Please return each record below exactly, with nothing left out.

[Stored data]

--- --- ---

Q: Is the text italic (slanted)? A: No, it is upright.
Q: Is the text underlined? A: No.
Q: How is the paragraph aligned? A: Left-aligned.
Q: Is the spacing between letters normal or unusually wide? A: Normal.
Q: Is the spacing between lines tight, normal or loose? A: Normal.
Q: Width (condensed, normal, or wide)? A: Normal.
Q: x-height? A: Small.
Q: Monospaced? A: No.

--- --- ---

Result for this task =
Q: Is the text italic (slanted)? A: No, it is upright.
Q: Is the text underlined? A: No.
Q: How is the paragraph aligned? A: Left-aligned.
Q: Is the spacing between letters normal or unusually wide? A: Normal.
Q: Is the spacing between lines tight, normal or loose? A: Normal.
Q: Width (condensed, normal, or wide)? A: Normal.
Q: x-height? A: Small.
Q: Monospaced? A: No.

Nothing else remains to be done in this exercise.